Implications of a 125 GeV Higgs scalar for LHC SUSY and neutralino dark matter searches

TL;DR

The paper analyzes the consequences of a potential $m_h\approx 125$ GeV Higgs for SUSY parameter spaces, computing $m_h$ with full radiative corrections and scanning both mSUGRA and NUHM2. It finds that in mSUGRA, achieving $m_h\simeq 125$ GeV favors $m_0\gtrsim 0.8$ TeV and $A_0\sim \pm 2m_0$, yielding a heavy scalar spectrum and limiting neutralino annihilation channels, while in NUHM2 the constraints are looser, allowing lighter sleptons/charginos and mixed bino–higgsino DM that can align with WMAP under certain conditions. The study also shows that $(g-2)_\mu$ is not explained by these scenarios at $m_h\approx 125$ GeV, flavor observables remain compatible with SM-like values, and DM relic density is typically overproduced in standard cosmology unless a higgsino-like LSP or non-standard cosmologies are invoked.

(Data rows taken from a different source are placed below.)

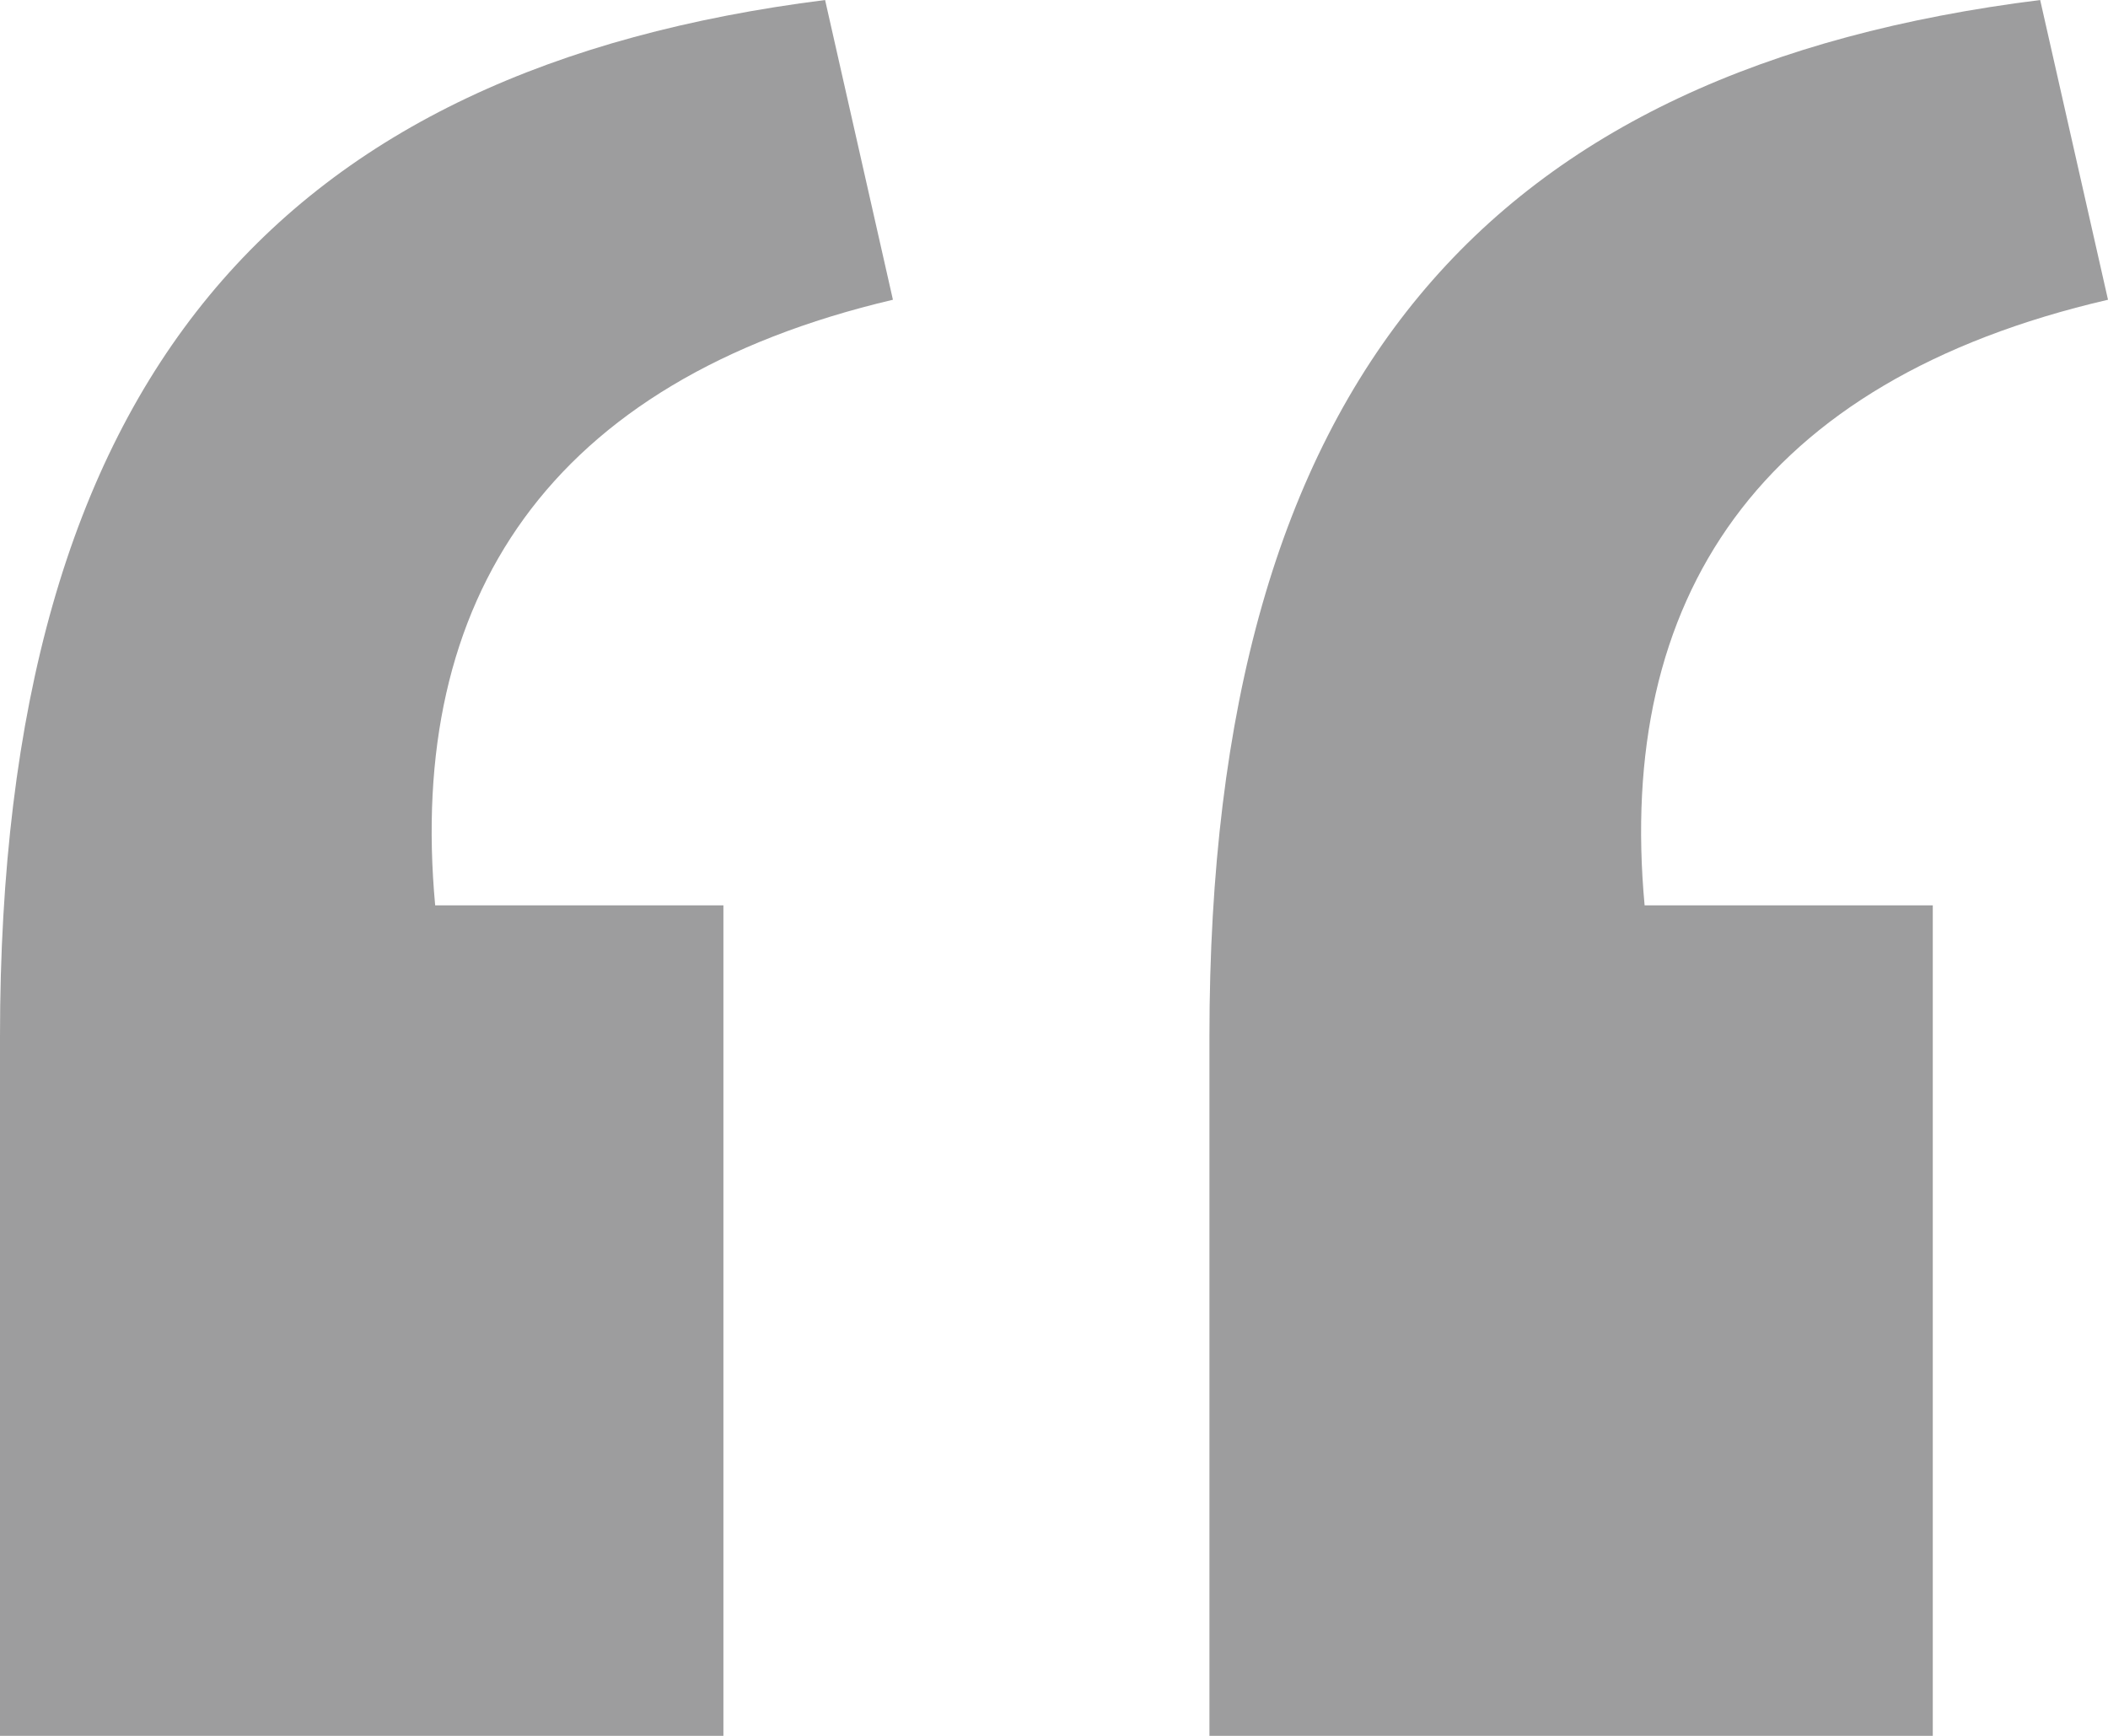 <svg width="34" height="28" viewBox="0 0 34 28" fill="none" xmlns="http://www.w3.org/2000/svg">
<path d="M19.507 28V16.719C19.507 6.043 24.064 1.108 32.906 0L34 4.835C28.349 6.144 26.07 9.669 26.526 14.604H31.174V28H19.507ZM0 28V16.719C0 6.043 4.558 1.108 13.308 0L14.402 4.835C8.842 6.144 6.563 9.669 7.019 14.604H11.668V28H0Z" fill="#9D9D9E"/>
</svg>
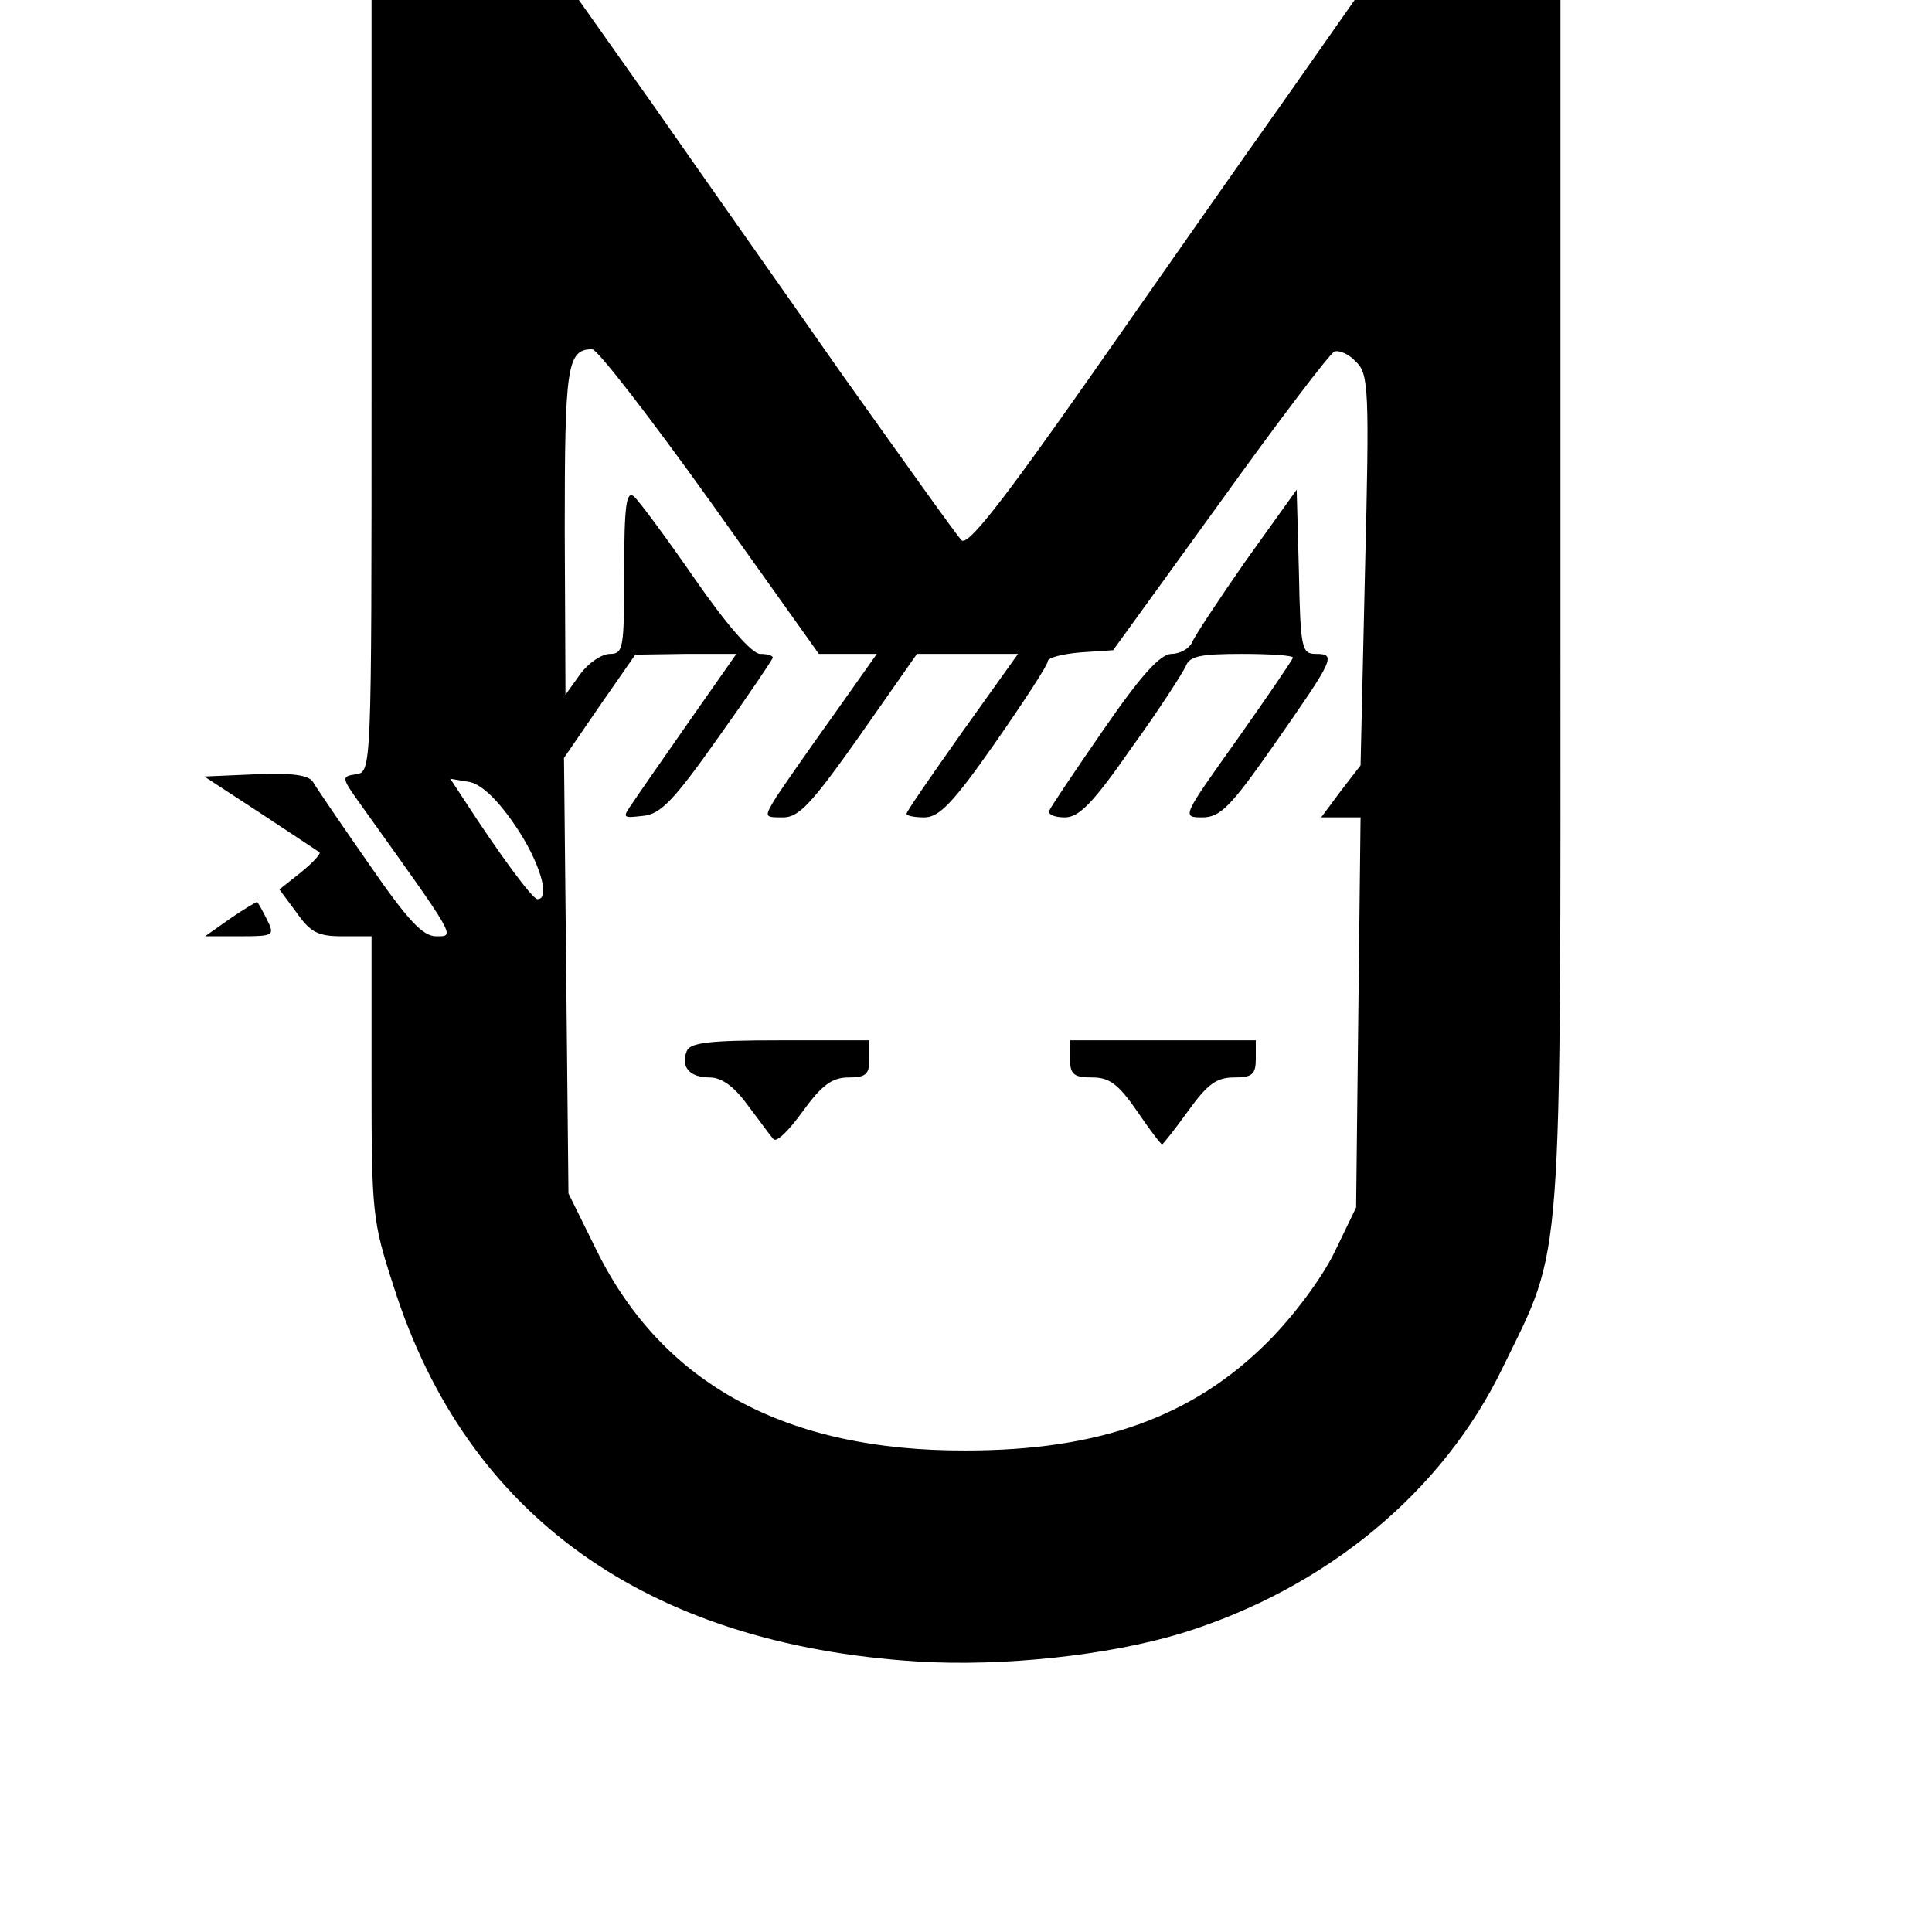 <?xml version="1.0" standalone="no"?>
<!DOCTYPE svg PUBLIC "-//W3C//DTD SVG 20010904//EN"
 "http://www.w3.org/TR/2001/REC-SVG-20010904/DTD/svg10.dtd">
<svg version="1.0" xmlns="http://www.w3.org/2000/svg"
 width="260pt" height="260pt" viewBox="0 0 260 260"
 preserveAspectRatio="xMidYMid meet">
<g transform="translate(0,260) scale(0.1,-0.1)"
fill="#000000" stroke="none">
<path d="M500 2081 c0 -519 0 -520 -21 -523 -20 -3 -20 -4 8 -43 128 -179 126
-175 100 -175 -18 0 -38 21 -91 98 -37 53 -71 103 -75 110 -6 9 -28 12 -77 10
l-69 -3 75 -49 c41 -27 77 -51 80 -53 2 -2 -9 -14 -25 -27 l-29 -23 23 -31
c19 -27 29 -32 62 -32 l39 0 0 -190 c0 -183 1 -193 30 -282 98 -308 340 -481
705 -504 114 -7 256 8 355 38 194 60 352 190 433 359 81 166 77 116 77 1028
l0 811 -139 0 -138 0 -94 -134 c-52 -73 -168 -239 -259 -369 -124 -177 -168
-232 -176 -224 -7 7 -78 107 -160 222 -81 116 -194 276 -251 358 l-104 147
-140 0 -139 0 0 -519z m456 -156 l146 -205 39 0 39 0 -58 -82 c-33 -46 -67
-95 -77 -110 -17 -28 -17 -28 9 -28 21 0 38 18 103 110 l77 110 68 0 68 0 -75
-105 c-41 -58 -75 -107 -75 -110 0 -3 11 -5 24 -5 20 0 39 20 95 100 39 56 71
105 71 110 0 5 20 10 44 12 l44 3 144 199 c79 110 148 201 154 203 7 2 20 -4
29 -14 17 -16 18 -38 12 -280 l-6 -263 -27 -35 -26 -35 26 0 27 0 -3 -262 -3
-263 -29 -60 c-17 -35 -55 -86 -90 -121 -101 -101 -227 -146 -406 -146 -242
-1 -408 89 -497 269 l-38 77 -3 293 -3 293 48 70 48 69 68 1 68 0 -63 -90
c-35 -50 -69 -99 -77 -111 -14 -20 -13 -20 14 -17 24 2 42 21 102 106 40 56
73 105 73 107 0 3 -8 5 -17 5 -11 0 -45 39 -88 101 -38 55 -75 105 -82 111
-10 8 -13 -12 -13 -101 0 -103 -1 -111 -19 -111 -11 0 -29 -12 -40 -27 l-20
-28 -1 221 c0 221 3 244 37 244 7 0 78 -92 159 -205z m-264 -434 c34 -49 50
-102 31 -101 -7 1 -50 59 -98 133 l-19 29 24 -4 c16 -2 38 -22 62 -57z"/>
<path d="M1677 1846 c-37 -53 -70 -103 -73 -111 -4 -8 -16 -15 -28 -15 -15 -1
-40 -28 -91 -102 -38 -55 -71 -104 -73 -109 -2 -5 7 -9 21 -9 19 0 38 19 90
94 37 51 69 101 73 110 5 13 20 16 75 16 38 0 69 -2 69 -5 0 -2 -34 -52 -75
-110 -74 -104 -75 -105 -47 -105 24 0 38 14 96 97 81 116 85 123 57 123 -19 0
-21 6 -23 111 l-3 110 -68 -95z"/>
<path d="M924 1185 c-8 -21 4 -35 31 -35 16 0 33 -12 51 -37 16 -21 31 -42 35
-46 4 -5 21 12 39 37 26 36 40 46 62 46 23 0 28 4 28 25 l0 25 -120 0 c-96 0
-122 -3 -126 -15z"/>
<path d="M1440 1175 c0 -21 5 -25 30 -25 23 0 35 -9 60 -45 17 -25 32 -45 34
-45 1 0 17 20 35 45 26 36 38 45 62 45 24 0 29 4 29 25 l0 25 -125 0 -125 0 0
-25z"/>
<path d="M310 1364 l-34 -24 47 0 c46 0 47 1 36 23 -6 12 -12 23 -13 23 0 1
-17 -9 -36 -22z"/>
</g>
</svg>

Direct and indirect detection prospects depend strongly on the DM realization, with well-tempered neutralinos offering the best near-future sensitivity. These results imply that LHC SUSY searches may predominantly probe gluino-rich, heavy-scalar spectra, and that dark matter signals hinge on cosmological assumptions and neutralino composition.

Abstract

The ATLAS and CMS collaborations have reported an excess of events in the γγ, ZZ^*\to 4\ell and WW^* search channels at an invariant mass m \simeq 125 GeV, which could be the first evidence for the long-awaited Higgs boson. We investigate the consequences of requiring m_h\simeq 125 GeV in both the mSUGRA and NUHM2 SUSY models. In mSUGRA, large values of trilinear soft breaking parameter |A_0| are required, and universal scalar m_0\agt 0.8 TeV is favored so that we expect squark and slepton masses typically in the multi-TeV range. This typically gives rise to an "effective SUSY" type of sparticle mass spectrum. In this case, we expect gluino pair production as the dominant sparticle creation reaction at LHC. For m_0< 5 TeV, the superpotential parameter μ> 2 TeV and m_A> 0.8 TeV, greatly restricting neutralino annihilation mechanisms. These latter conclusions are softened if m_0\sim 10-20 TeV or if one proceeds to the NUHM2 model. The standard neutralino abundance tends to be far above WMAP-measured values unless the neutralino is higgsino-like. We remark upon possible non-standard (but perhaps more attractive) cosmological scenarios which can bring the predicted dark matter abundance into accord with the measured value, and discuss the implications for direct and indirect detection of neutralino cold dark matter.